**WHAT YOU ARE ASKED TO DO**
Return, unchanged and with no pictures, the lines below from the very first through the one that contains "Products named in the file (1): JHA".
INPUT MATERIAL Start Marker
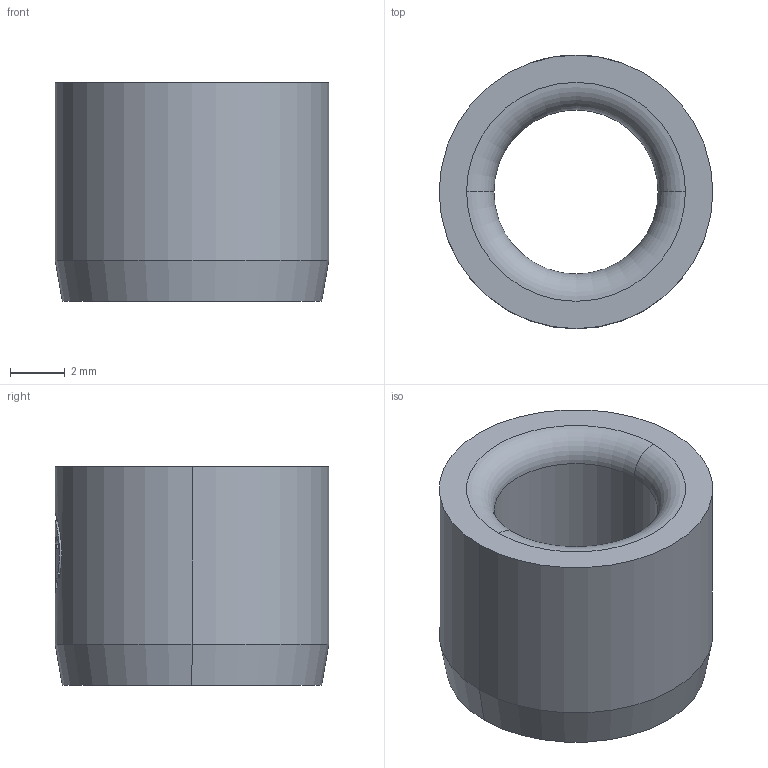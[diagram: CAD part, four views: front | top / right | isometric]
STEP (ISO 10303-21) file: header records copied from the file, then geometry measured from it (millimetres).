
FILE_DESCRIPTION (( 'STEP AP214' ), '1' );
FILE_NAME ('JHA JHAM-d6-L8.step', '2022-07-05T06:36:54', ( 'User' ), ( 'china' ), 'SwSTEP 2.0', 'SolidWorks 2016', '' );
FILE_SCHEMA (( 'AUTOMOTIVE_DESIGN' ));
Length unit declared in the file: millimetre
Products named in the file (1): JHA JHAM-d6-L8
Bounding box: 10 x 10 x 8 mm (x, y, z)
Volume: 388.8 mm3; surface area: 483.6 mm2
Topology: 1 solids, 1 shells, 32 faces, 78 edges, 50 vertices
Faces by surface type: cylinder 16, plane 10, cone 4, torus 2
Entity records: 1166 total; most frequent: CARTESIAN_POINT 407, ORIENTED_EDGE 156, DIRECTION 140, EDGE_CURVE 78, AXIS2_PLACEMENT_3D 53, VERTEX_POINT 50, EDGE_LOOP 36, VECTOR 34
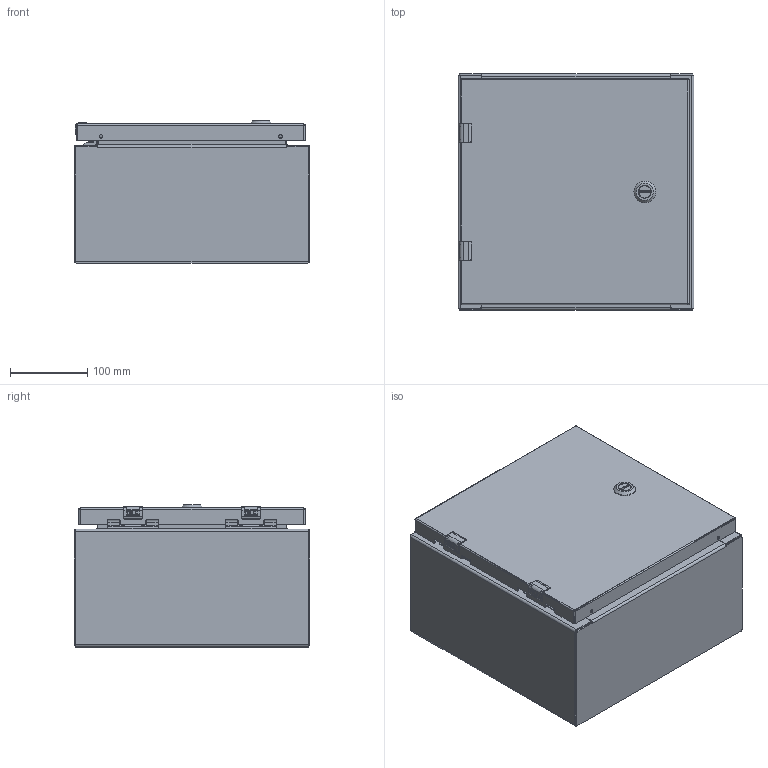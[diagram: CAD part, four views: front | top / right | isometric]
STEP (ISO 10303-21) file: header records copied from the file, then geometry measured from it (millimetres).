
FILE_DESCRIPTION (( 'STEP AP214' ), '1' );
FILE_NAME ('SCE-12EL1206LP.STEP', '2021-01-15T16:49:11', ( '' ), ( '' ), 'SwSTEP 2.0', 'SolidWorks 2019', '' );
FILE_SCHEMA (( 'AUTOMOTIVE_DESIGN' ));
Length unit declared in the file: inch
Products named in the file (1): SCE-12EL1206LP
Bounding box: 304.8 x 304.8 x 183.65 mm (x, y, z)
Volume: 1109881.8 mm3; surface area: 1069176 mm2
Topology: 39 solids, 39 shells, 1793 faces, 4558 edges, 2884 vertices
Faces by surface type: plane 856, cylinder 561, bspline 258, torus 46, cone 44, sphere 28
Full cylindrical faces by diameter (mm): 1.016 x2, 3.454 x2, 3.978 x2, 4.318 x6, 4.369 x4, 4.775 x4, 4.978 x8, 5 x1, 5.182 x4, 5.207 x4, 5.232 x4, 5.5 x1, 5.537 x2, 6.096 x4, 6.198 x4, 6.299 x2, 6.35 x4, 6.756 x4, 7.137 x2, 8.433 x4, 9.296 x4, 9.322 x4, 9.525 x4, 9.9 x1, 10 x1, 11.113 x4, 12.7 x4, 12.8 x1, 13.5 x1, 16 x1
Entity records: 90460 total; most frequent: CARTESIAN_POINT 26264, ORIENTED_EDGE 8522, DIRECTION 7815, EDGE_CURVE 4261, VERTEX_POINT 2796, AXIS2_PLACEMENT_3D 2711, LINE 2393, VECTOR 2393
INPUT MATERIAL End Marker
**COMPLETED EXERCISE**
[diagram: CAD part, four views: front | top / right | isometric]
STEP (ISO 10303-21) file: header records copied from the file, then geometry measured from it (millimetres).
FILE_DESCRIPTION (( 'STEP AP214' ), '1' );
FILE_NAME ('JHA JHAM-d6-L8.step', '2022-07-05T06:36:54', ( 'User' ), ( 'china' ), 'SwSTEP 2.0', 'SolidWorks 2016', '' );
FILE_SCHEMA (( 'AUTOMOTIVE_DESIGN' ));
Length unit declared in the file: millimetre
Products named in the file (1): JHA JHAM-d6-L8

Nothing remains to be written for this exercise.